*** DATASET CONTENT ***

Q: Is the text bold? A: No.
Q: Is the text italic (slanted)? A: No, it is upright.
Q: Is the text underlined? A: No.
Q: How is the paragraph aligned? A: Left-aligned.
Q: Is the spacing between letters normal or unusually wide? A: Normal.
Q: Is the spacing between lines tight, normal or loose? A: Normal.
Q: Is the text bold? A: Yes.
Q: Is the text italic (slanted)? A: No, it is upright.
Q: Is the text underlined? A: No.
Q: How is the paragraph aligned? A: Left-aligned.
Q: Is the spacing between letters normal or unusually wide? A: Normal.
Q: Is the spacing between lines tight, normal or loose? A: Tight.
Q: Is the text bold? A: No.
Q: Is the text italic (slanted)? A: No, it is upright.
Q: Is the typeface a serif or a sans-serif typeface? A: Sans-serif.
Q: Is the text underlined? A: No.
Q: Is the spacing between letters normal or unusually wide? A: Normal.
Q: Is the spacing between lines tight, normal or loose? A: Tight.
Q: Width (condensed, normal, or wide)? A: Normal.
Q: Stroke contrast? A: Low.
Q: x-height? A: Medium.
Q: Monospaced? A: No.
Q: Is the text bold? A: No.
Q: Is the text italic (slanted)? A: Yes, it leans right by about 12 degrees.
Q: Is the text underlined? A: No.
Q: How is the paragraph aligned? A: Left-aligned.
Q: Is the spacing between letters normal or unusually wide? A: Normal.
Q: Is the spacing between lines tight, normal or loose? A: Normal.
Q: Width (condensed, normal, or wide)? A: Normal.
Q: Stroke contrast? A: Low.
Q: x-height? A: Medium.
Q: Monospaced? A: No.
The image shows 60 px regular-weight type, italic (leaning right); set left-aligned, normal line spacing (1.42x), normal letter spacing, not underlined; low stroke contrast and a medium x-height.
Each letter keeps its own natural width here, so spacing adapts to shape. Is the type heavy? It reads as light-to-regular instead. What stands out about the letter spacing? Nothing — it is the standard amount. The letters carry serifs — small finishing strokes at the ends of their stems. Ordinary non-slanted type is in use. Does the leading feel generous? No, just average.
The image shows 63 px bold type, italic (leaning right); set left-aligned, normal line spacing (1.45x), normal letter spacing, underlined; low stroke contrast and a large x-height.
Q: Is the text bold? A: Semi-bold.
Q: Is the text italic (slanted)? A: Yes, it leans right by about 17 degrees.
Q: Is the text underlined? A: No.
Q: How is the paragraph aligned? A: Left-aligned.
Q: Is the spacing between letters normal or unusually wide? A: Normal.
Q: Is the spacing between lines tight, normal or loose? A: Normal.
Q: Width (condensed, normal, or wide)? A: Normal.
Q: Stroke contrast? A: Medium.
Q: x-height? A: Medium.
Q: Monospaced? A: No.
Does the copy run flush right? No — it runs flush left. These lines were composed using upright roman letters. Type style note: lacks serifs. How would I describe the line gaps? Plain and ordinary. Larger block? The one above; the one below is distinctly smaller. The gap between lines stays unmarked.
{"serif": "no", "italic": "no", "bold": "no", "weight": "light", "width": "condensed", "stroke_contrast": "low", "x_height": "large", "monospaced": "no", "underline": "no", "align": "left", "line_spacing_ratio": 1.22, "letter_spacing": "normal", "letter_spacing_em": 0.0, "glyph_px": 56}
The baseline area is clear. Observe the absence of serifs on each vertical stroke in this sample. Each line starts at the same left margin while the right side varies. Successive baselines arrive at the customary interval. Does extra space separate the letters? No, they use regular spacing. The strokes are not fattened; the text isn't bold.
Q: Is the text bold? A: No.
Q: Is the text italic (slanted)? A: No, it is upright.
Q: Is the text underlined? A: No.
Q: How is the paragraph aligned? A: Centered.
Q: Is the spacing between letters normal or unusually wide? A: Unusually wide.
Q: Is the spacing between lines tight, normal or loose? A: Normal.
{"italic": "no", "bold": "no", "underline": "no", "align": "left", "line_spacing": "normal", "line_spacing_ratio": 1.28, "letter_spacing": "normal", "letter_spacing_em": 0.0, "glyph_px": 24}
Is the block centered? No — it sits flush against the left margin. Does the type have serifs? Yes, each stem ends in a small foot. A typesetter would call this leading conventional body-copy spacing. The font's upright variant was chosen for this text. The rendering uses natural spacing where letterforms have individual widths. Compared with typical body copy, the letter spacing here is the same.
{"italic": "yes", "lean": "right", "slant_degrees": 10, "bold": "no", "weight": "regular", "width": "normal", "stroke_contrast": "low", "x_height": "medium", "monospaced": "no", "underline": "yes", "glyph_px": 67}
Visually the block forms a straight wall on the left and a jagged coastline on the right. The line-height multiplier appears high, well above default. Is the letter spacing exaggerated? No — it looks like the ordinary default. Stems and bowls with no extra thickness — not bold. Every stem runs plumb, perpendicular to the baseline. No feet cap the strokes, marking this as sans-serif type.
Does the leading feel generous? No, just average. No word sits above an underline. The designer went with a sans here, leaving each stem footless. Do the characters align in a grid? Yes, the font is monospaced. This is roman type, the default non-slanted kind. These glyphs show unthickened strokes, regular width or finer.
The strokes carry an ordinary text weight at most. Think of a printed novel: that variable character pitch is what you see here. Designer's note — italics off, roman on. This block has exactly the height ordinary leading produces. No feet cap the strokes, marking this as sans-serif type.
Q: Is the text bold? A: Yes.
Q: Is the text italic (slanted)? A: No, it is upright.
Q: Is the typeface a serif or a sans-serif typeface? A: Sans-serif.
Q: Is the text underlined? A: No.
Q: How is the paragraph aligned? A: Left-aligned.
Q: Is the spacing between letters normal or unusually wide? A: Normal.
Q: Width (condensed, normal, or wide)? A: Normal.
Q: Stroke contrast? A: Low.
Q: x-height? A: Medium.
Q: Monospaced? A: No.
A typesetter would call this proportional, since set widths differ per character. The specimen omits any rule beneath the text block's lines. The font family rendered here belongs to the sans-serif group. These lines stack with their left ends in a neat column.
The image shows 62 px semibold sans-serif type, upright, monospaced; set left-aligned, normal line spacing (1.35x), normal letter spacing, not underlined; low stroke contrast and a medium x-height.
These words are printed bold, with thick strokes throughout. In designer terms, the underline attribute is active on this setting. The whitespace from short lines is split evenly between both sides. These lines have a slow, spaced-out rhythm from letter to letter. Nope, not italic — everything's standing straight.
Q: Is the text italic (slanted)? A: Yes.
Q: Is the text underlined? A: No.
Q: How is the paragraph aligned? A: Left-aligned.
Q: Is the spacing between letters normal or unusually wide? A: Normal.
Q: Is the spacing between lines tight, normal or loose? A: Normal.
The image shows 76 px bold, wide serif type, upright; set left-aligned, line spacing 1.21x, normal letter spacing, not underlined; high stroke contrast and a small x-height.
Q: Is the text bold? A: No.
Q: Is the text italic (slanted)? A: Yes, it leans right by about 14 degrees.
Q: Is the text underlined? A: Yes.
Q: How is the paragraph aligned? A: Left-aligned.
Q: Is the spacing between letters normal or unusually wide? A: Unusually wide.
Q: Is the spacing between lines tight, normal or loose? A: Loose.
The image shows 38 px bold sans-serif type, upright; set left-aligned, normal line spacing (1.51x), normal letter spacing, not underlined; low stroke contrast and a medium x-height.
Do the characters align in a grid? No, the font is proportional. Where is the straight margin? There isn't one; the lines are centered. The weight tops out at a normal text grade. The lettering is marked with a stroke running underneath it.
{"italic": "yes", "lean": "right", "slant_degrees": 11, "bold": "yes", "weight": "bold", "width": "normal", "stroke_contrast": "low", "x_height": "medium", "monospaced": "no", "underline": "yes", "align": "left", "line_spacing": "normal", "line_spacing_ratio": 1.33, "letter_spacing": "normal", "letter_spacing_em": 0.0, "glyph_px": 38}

***

The records above must be reproduced word for word.

Q: Is the text bold? A: No.
Q: Is the text italic (slanted)? A: No, it is upright.
Q: Is the text underlined? A: No.
Q: How is the paragraph aligned? A: Left-aligned.
Q: Is the spacing between letters normal or unusually wide? A: Normal.
Q: Is the spacing between lines tight, normal or loose? A: Normal.
Q: Is the text bold? A: Yes.
Q: Is the text italic (slanted)? A: No, it is upright.
Q: Is the text underlined? A: No.
Q: How is the paragraph aligned? A: Left-aligned.
Q: Is the spacing between letters normal or unusually wide? A: Normal.
Q: Is the spacing between lines tight, normal or loose? A: Tight.
Q: Is the text bold? A: No.
Q: Is the text italic (slanted)? A: No, it is upright.
Q: Is the typeface a serif or a sans-serif typeface? A: Sans-serif.
Q: Is the text underlined? A: No.
Q: Is the spacing between letters normal or unusually wide? A: Normal.
Q: Is the spacing between lines tight, normal or loose? A: Tight.
Q: Width (condensed, normal, or wide)? A: Normal.
Q: Stroke contrast? A: Low.
Q: x-height? A: Medium.
Q: Monospaced? A: No.
Q: Is the text bold? A: No.
Q: Is the text italic (slanted)? A: Yes, it leans right by about 12 degrees.
Q: Is the text underlined? A: No.
Q: How is the paragraph aligned? A: Left-aligned.
Q: Is the spacing between letters normal or unusually wide? A: Normal.
Q: Is the spacing between lines tight, normal or loose? A: Normal.
Q: Width (condensed, normal, or wide)? A: Normal.
Q: Stroke contrast? A: Low.
Q: x-height? A: Medium.
Q: Monospaced? A: No.
The image shows 60 px regular-weight type, italic (leaning right); set left-aligned, normal line spacing (1.42x), normal letter spacing, not underlined; low stroke contrast and a medium x-height.
Each letter keeps its own natural width here, so spacing adapts to shape. Is the type heavy? It reads as light-to-regular instead. What stands out about the letter spacing? Nothing — it is the standard amount. The letters carry serifs — small finishing strokes at the ends of their stems. Ordinary non-slanted type is in use. Does the leading feel generous? No, just average.
The image shows 63 px bold type, italic (leaning right); set left-aligned, normal line spacing (1.45x), normal letter spacing, underlined; low stroke contrast and a large x-height.
Q: Is the text bold? A: Semi-bold.
Q: Is the text italic (slanted)? A: Yes, it leans right by about 17 degrees.
Q: Is the text underlined? A: No.
Q: How is the paragraph aligned? A: Left-aligned.
Q: Is the spacing between letters normal or unusually wide? A: Normal.
Q: Is the spacing between lines tight, normal or loose? A: Normal.
Q: Width (condensed, normal, or wide)? A: Normal.
Q: Stroke contrast? A: Medium.
Q: x-height? A: Medium.
Q: Monospaced? A: No.
Does the copy run flush right? No — it runs flush left. These lines were composed using upright roman letters. Type style note: lacks serifs. How would I describe the line gaps? Plain and ordinary. Larger block? The one above; the one below is distinctly smaller. The gap between lines stays unmarked.
{"serif": "no", "italic": "no", "bold": "no", "weight": "light", "width": "condensed", "stroke_contrast": "low", "x_height": "large", "monospaced": "no", "underline": "no", "align": "left", "line_spacing_ratio": 1.22, "letter_spacing": "normal", "letter_spacing_em": 0.0, "glyph_px": 56}
The baseline area is clear. Observe the absence of serifs on each vertical stroke in this sample. Each line starts at the same left margin while the right side varies. Successive baselines arrive at the customary interval. Does extra space separate the letters? No, they use regular spacing. The strokes are not fattened; the text isn't bold.
Q: Is the text bold? A: No.
Q: Is the text italic (slanted)? A: No, it is upright.
Q: Is the text underlined? A: No.
Q: How is the paragraph aligned? A: Centered.
Q: Is the spacing between letters normal or unusually wide? A: Unusually wide.
Q: Is the spacing between lines tight, normal or loose? A: Normal.
{"italic": "no", "bold": "no", "underline": "no", "align": "left", "line_spacing": "normal", "line_spacing_ratio": 1.28, "letter_spacing": "normal", "letter_spacing_em": 0.0, "glyph_px": 24}
Is the block centered? No — it sits flush against the left margin. Does the type have serifs? Yes, each stem ends in a small foot. A typesetter would call this leading conventional body-copy spacing. The font's upright variant was chosen for this text. The rendering uses natural spacing where letterforms have individual widths. Compared with typical body copy, the letter spacing here is the same.
{"italic": "yes", "lean": "right", "slant_degrees": 10, "bold": "no", "weight": "regular", "width": "normal", "stroke_contrast": "low", "x_height": "medium", "monospaced": "no", "underline": "yes", "glyph_px": 67}
Visually the block forms a straight wall on the left and a jagged coastline on the right. The line-height multiplier appears high, well above default. Is the letter spacing exaggerated? No — it looks like the ordinary default. Stems and bowls with no extra thickness — not bold. Every stem runs plumb, perpendicular to the baseline. No feet cap the strokes, marking this as sans-serif type.
Does the leading feel generous? No, just average. No word sits above an underline. The designer went with a sans here, leaving each stem footless. Do the characters align in a grid? Yes, the font is monospaced. This is roman type, the default non-slanted kind. These glyphs show unthickened strokes, regular width or finer.
The strokes carry an ordinary text weight at most. Think of a printed novel: that variable character pitch is what you see here. Designer's note — italics off, roman on. This block has exactly the height ordinary leading produces. No feet cap the strokes, marking this as sans-serif type.
Q: Is the text bold? A: Yes.
Q: Is the text italic (slanted)? A: No, it is upright.
Q: Is the typeface a serif or a sans-serif typeface? A: Sans-serif.
Q: Is the text underlined? A: No.
Q: How is the paragraph aligned? A: Left-aligned.
Q: Is the spacing between letters normal or unusually wide? A: Normal.
Q: Width (condensed, normal, or wide)? A: Normal.
Q: Stroke contrast? A: Low.
Q: x-height? A: Medium.
Q: Monospaced? A: No.
A typesetter would call this proportional, since set widths differ per character. The specimen omits any rule beneath the text block's lines. The font family rendered here belongs to the sans-serif group. These lines stack with their left ends in a neat column.
The image shows 62 px semibold sans-serif type, upright, monospaced; set left-aligned, normal line spacing (1.35x), normal letter spacing, not underlined; low stroke contrast and a medium x-height.
These words are printed bold, with thick strokes throughout. In designer terms, the underline attribute is active on this setting. The whitespace from short lines is split evenly between both sides. These lines have a slow, spaced-out rhythm from letter to letter. Nope, not italic — everything's standing straight.
Q: Is the text italic (slanted)? A: Yes.
Q: Is the text underlined? A: No.
Q: How is the paragraph aligned? A: Left-aligned.
Q: Is the spacing between letters normal or unusually wide? A: Normal.
Q: Is the spacing between lines tight, normal or loose? A: Normal.
The image shows 76 px bold, wide serif type, upright; set left-aligned, line spacing 1.21x, normal letter spacing, not underlined; high stroke contrast and a small x-height.
Q: Is the text bold? A: No.
Q: Is the text italic (slanted)? A: Yes, it leans right by about 14 degrees.
Q: Is the text underlined? A: Yes.
Q: How is the paragraph aligned? A: Left-aligned.
Q: Is the spacing between letters normal or unusually wide? A: Unusually wide.
Q: Is the spacing between lines tight, normal or loose? A: Loose.
The image shows 38 px bold sans-serif type, upright; set left-aligned, normal line spacing (1.51x), normal letter spacing, not underlined; low stroke contrast and a medium x-height.
Do the characters align in a grid? No, the font is proportional. Where is the straight margin? There isn't one; the lines are centered. The weight tops out at a normal text grade. The lettering is marked with a stroke running underneath it.
{"italic": "yes", "lean": "right", "slant_degrees": 11, "bold": "yes", "weight": "bold", "width": "normal", "stroke_contrast": "low", "x_height": "medium", "monospaced": "no", "underline": "yes", "align": "left", "line_spacing": "normal", "line_spacing_ratio": 1.33, "letter_spacing": "normal", "letter_spacing_em": 0.0, "glyph_px": 38}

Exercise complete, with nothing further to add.